When configuring a cluster with a custom-domain and a self-signed certificate, users sometimes encounter issues accessing the DKP UI (/dkp/kommander/dashboard) or simply cannot login in with users managed by an identity provider (LDAP, GitHub, GitLab, etc) due to issues with certificates being expired or incorrectly configured. In this article, we provide guidance on how to troubleshoot these issues as well as some examples of this type of issue.
When troubleshooting these kinds of issues, traefik-forward-auth and dex-k8s-authenticator logs are the places to look at for evidence that could help to identify what is the root cause of the problem.
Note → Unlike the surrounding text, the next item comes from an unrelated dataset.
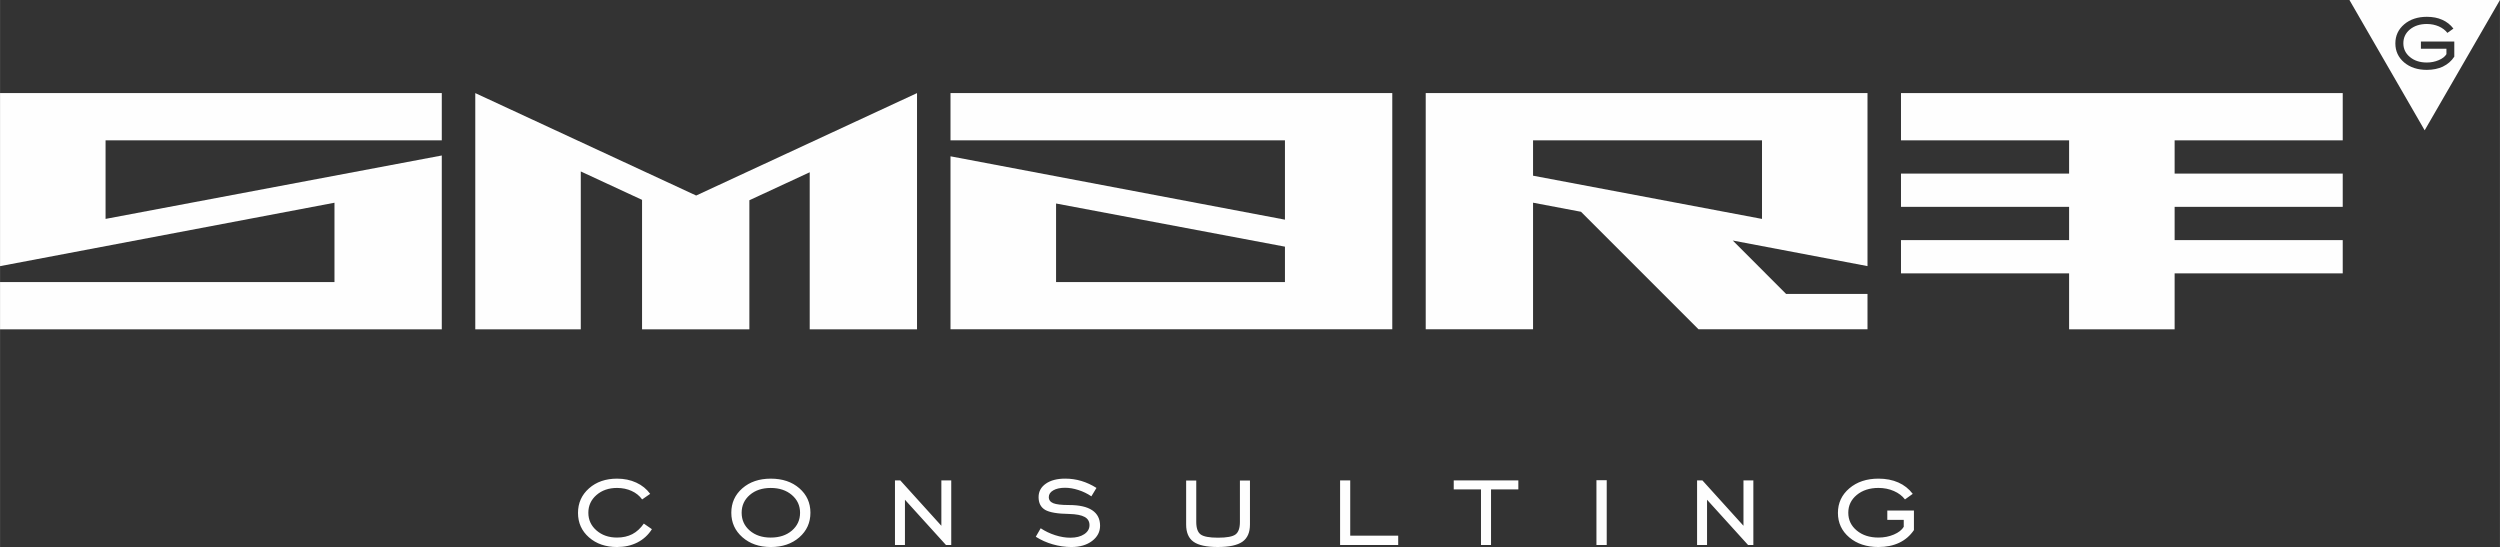 <?xml version="1.0" encoding="UTF-8"?> <svg xmlns="http://www.w3.org/2000/svg" xmlns:xlink="http://www.w3.org/1999/xlink" xmlns:xodm="http://www.corel.com/coreldraw/odm/2003" xml:space="preserve" width="50.711mm" height="11.096mm" version="1.1" style="shape-rendering:geometricPrecision; text-rendering:geometricPrecision; image-rendering:optimizeQuality; fill-rule:evenodd; clip-rule:evenodd" viewBox="0 0 1565.97 342.66"><rect x="0" y="0" width="1565.97" height="342.66" fill="#333333" stroke="none"/> <defs> <style type="text/css"> .fil0 {fill:#FEFEFE} .fil1 {fill:#FEFEFE;fill-rule:nonzero} </style> </defs> <g id="Слой_x0020_1">  <polygon class="fil0" points="1190.77,171.24 1296.08,171.24 1296.08,206.29 1362.18,206.29 1362.18,171.24 1467.48,171.24 1467.48,150.41 1362.18,150.41 1362.18,129.57 1467.48,129.57 1467.48,108.74 1362.18,108.74 1362.18,87.91 1467.48,87.91 1467.48,58.31 1190.77,58.31 1190.77,87.91 1296.08,87.91 1296.08,108.74 1190.77,108.74 1190.77,129.57 1296.08,129.57 1296.08,150.41 1190.77,150.41 "></polygon> <path class="fil0" d="M469.38 206.29l-67.22 0 0 -81.1 -38.38 -17.79 0 98.9 -66.09 0 0 -147.98c48.37,22.43 89.86,41.67 138.36,64.16 48.83,-22.64 89.6,-41.55 138.35,-64.16l0 147.98 -67.22 0 0 -98.39 -37.8 17.53 0 80.87z"></path> <path class="fil0" d="M1103.71 137.13l-143.42 -27.07 0 -22.14 143.42 0 0 49.21zm66.08 -78.83l-276.73 0 0 147.97 67.23 0 0 -79.3 30.04 5.69 73.6 73.6 105.86 0 0 -22.14 -50.99 0 -33.4 -33.45 84.39 16.02 0 -108.4z"></path> <path class="fil0" d="M804.88 176.69l-143.38 0 0 -49.21 143.38 27.03 0 22.18zm-209.5 -118.39l0 29.62 209.5 0 0 49.68 -209.5 -39.69 0 108.36 276.73 0 0 -147.97 -276.73 0z"></path> <polygon class="fil0" points="-0,58.31 276.71,58.31 276.71,87.91 66.1,87.91 66.1,137.12 276.71,97.4 276.71,206.29 -0,206.29 -0,176.69 209.49,176.69 209.49,126.99 -0,166.71 "></polygon> <path class="fil0" d="M1530.32 41.69c-2.93,1.36 -6.33,2.08 -10.16,2.08 -5.82,0 -10.54,-1.57 -14.23,-4.68 -3.66,-3.14 -5.48,-7.1 -5.48,-11.9 0,-4.8 1.83,-8.79 5.52,-11.94 3.7,-3.14 8.46,-4.72 14.19,-4.72 3.61,0 6.85,0.59 9.65,1.87 2.8,1.23 5.14,3.06 7.01,5.52l-3.78 2.68c-1.36,-1.74 -3.15,-3.1 -5.4,-4.08 -2.29,-0.98 -4.76,-1.49 -7.48,-1.49 -4.29,0 -7.82,1.15 -10.58,3.4 -2.76,2.29 -4.12,5.18 -4.12,8.67 0,3.48 1.36,6.37 4.12,8.62 2.72,2.29 6.25,3.44 10.58,3.44 2.68,0 5.18,-0.51 7.48,-1.49 2.29,-0.98 3.87,-2.21 4.8,-3.74l0 -3.4 -15.98 0 0 -4.5 20.91 0 0 9.47c-1.78,2.72 -4.16,4.76 -7.05,6.16zm-58.64 -41.69l47.13 81.63 47.17 -81.63 -94.3 0z"></path> <path class="fil1" d="M408.34 331.48c-2.31,3.64 -5.34,6.41 -9.08,8.32 -3.74,1.91 -7.99,2.86 -12.76,2.86 -7.12,0 -12.98,-2.01 -17.57,-6.03 -4.6,-4.03 -6.89,-9.14 -6.89,-15.33 0,-6.2 2.3,-11.32 6.89,-15.39 4.59,-4.06 10.45,-6.08 17.57,-6.08 4.42,0 8.43,0.82 12.03,2.48 3.61,1.66 6.5,4.01 8.72,7.05l-5.03 3.49c-1.67,-2.32 -3.87,-4.08 -6.6,-5.32 -2.74,-1.24 -5.77,-1.88 -9.12,-1.88 -5.19,0 -9.48,1.48 -12.88,4.43 -3.4,2.96 -5.1,6.67 -5.1,11.11 0,4.45 1.71,8.16 5.13,11.12 3.42,2.96 7.68,4.43 12.85,4.43 3.61,0 6.78,-0.71 9.53,-2.13 2.74,-1.42 5.16,-3.64 7.24,-6.63l5.06 3.51zm74.46 5.26c5.4,0 9.83,-1.45 13.23,-4.38 3.41,-2.93 5.11,-6.65 5.11,-11.16 0,-4.48 -1.71,-8.2 -5.15,-11.14 -3.43,-2.92 -7.83,-4.4 -13.2,-4.4 -5.37,0 -9.75,1.46 -13.15,4.39 -3.39,2.93 -5.09,6.65 -5.09,11.16 0,4.52 1.7,8.24 5.09,11.16 3.4,2.93 7.78,4.38 13.15,4.38zm0 5.92c-7.2,0 -13.12,-2.04 -17.76,-6.12 -4.64,-4.07 -6.97,-9.18 -6.97,-15.35 0,-6.19 2.32,-11.31 6.94,-15.33 4.63,-4.03 10.56,-6.03 17.79,-6.03 7.3,0 13.27,2 17.89,6.02 4.63,4.01 6.94,9.12 6.94,15.34 0,6.2 -2.31,11.32 -6.95,15.39 -4.65,4.06 -10.62,6.08 -17.88,6.08zm77.79 -1.28l0 -40.47 3.32 0 25.74 28.44 0 -28.44 6.19 0 0 40.47 -3.31 0 -25.69 -28.34 0 28.34 -6.25 0zm88.21 -5.16l3.07 -5.31c2.79,1.86 5.82,3.3 9.11,4.35 3.29,1.05 6.44,1.57 9.43,1.57 3.61,0 6.51,-0.73 8.72,-2.2 2.22,-1.48 3.31,-3.37 3.31,-5.68 0,-2.3 -1,-4.01 -3.02,-5.13 -2.02,-1.12 -5.23,-1.75 -9.58,-1.87 -7.36,-0.1 -12.42,-0.96 -15.17,-2.56 -2.75,-1.62 -4.12,-4.29 -4.12,-8.01 0,-3.47 1.5,-6.27 4.53,-8.39 3.02,-2.12 7.07,-3.17 12.16,-3.17 3.48,0 6.84,0.48 10.11,1.46 3.26,0.99 6.42,2.44 9.46,4.36l-3.19 5.26c-2.53,-1.7 -5.24,-3.03 -8.15,-3.95 -2.9,-0.94 -5.68,-1.41 -8.33,-1.41 -3.06,0 -5.54,0.54 -7.39,1.62 -1.86,1.07 -2.8,2.47 -2.8,4.22 0,1.8 0.94,3.08 2.82,3.84 1.87,0.76 5.14,1.13 9.78,1.13 6.46,0 11.31,1.08 14.59,3.27 3.28,2.19 4.93,5.42 4.93,9.72 0,3.81 -1.66,6.99 -5,9.53 -3.33,2.52 -7.65,3.79 -12.96,3.79 -3.91,0 -7.81,-0.57 -11.68,-1.68 -3.87,-1.11 -7.42,-2.7 -10.64,-4.76zm94.18 -35.22l6.34 0 0 25.91c0,3.9 0.92,6.52 2.75,7.87 1.83,1.36 5.47,2.04 10.9,2.04 5.47,0 9.13,-0.68 10.95,-2.04 1.83,-1.36 2.75,-3.97 2.75,-7.87l0 -25.91 6.29 0 0 27.58c0,4.97 -1.57,8.54 -4.71,10.76 -3.15,2.21 -8.28,3.31 -15.38,3.31 -7.07,0 -12.17,-1.08 -15.25,-3.27 -3.09,-2.18 -4.64,-5.78 -4.64,-10.81l0 -27.58zm96.44 40.38l0 -40.47 6.35 0 0 34.65 30.05 0 0 5.82 -36.4 0zm88.26 0l0 -34.83 -17.07 0 0 -5.64 40.47 0 0 5.64 -17.11 0 0 34.83 -6.29 0zm72.32 -40.57l6.44 0 0 40.57 -6.44 0 0 -40.57zm63.04 40.57l0 -40.47 3.32 0 25.74 28.44 0 -28.44 6.19 0 0 40.47 -3.32 0 -25.69 -28.34 0 28.34 -6.25 0zm119.16 -15.74l0 -5.82 16.68 0 0 12.23c-2.35,3.47 -5.39,6.11 -9.14,7.91 -3.77,1.8 -8.12,2.7 -13.08,2.7 -7.46,0 -13.56,-2.01 -18.29,-6.03 -4.74,-4.03 -7.1,-9.14 -7.1,-15.33 0,-6.2 2.37,-11.32 7.15,-15.39 4.77,-4.06 10.86,-6.08 18.25,-6.08 4.68,0 8.83,0.81 12.44,2.41 3.63,1.6 6.63,3.98 9.03,7.12l-4.87 3.49c-1.72,-2.25 -4.03,-3.99 -6.96,-5.27 -2.93,-1.28 -6.13,-1.93 -9.64,-1.93 -5.51,0 -10.06,1.48 -13.6,4.4 -3.55,2.94 -5.31,6.66 -5.31,11.14 0,4.49 1.76,8.2 5.29,11.13 3.52,2.95 8.08,4.42 13.62,4.42 3.48,0 6.7,-0.63 9.64,-1.89 2.96,-1.26 5.02,-2.89 6.19,-4.84l0 -4.36 -10.29 0z"></path> </g> </svg>

For example, when issues are related to CA certificates not being specified at all or incorrectly defined, traefik-forward-auth and dex-k8s-authenticator logs include entries stating that the certificate configured is signed by an unknown authority. Examples for these entries in the logs are shown below:
kubectl -n kommander logs -l=app.kubernetes.io/name=traefik-forward-auth
time="2023-06-08T21:24:15Z" level=fatal msg="failed to get provider configuration for https://kommander240.ddns.net/dex: Get \"https://kommander240.ddns.net/dex/.well-known/openid-configuration\": x509: certificate signed by unknown authority (hint: make sure https://kommander240.ddns.net/dex is accessible from the cluster)"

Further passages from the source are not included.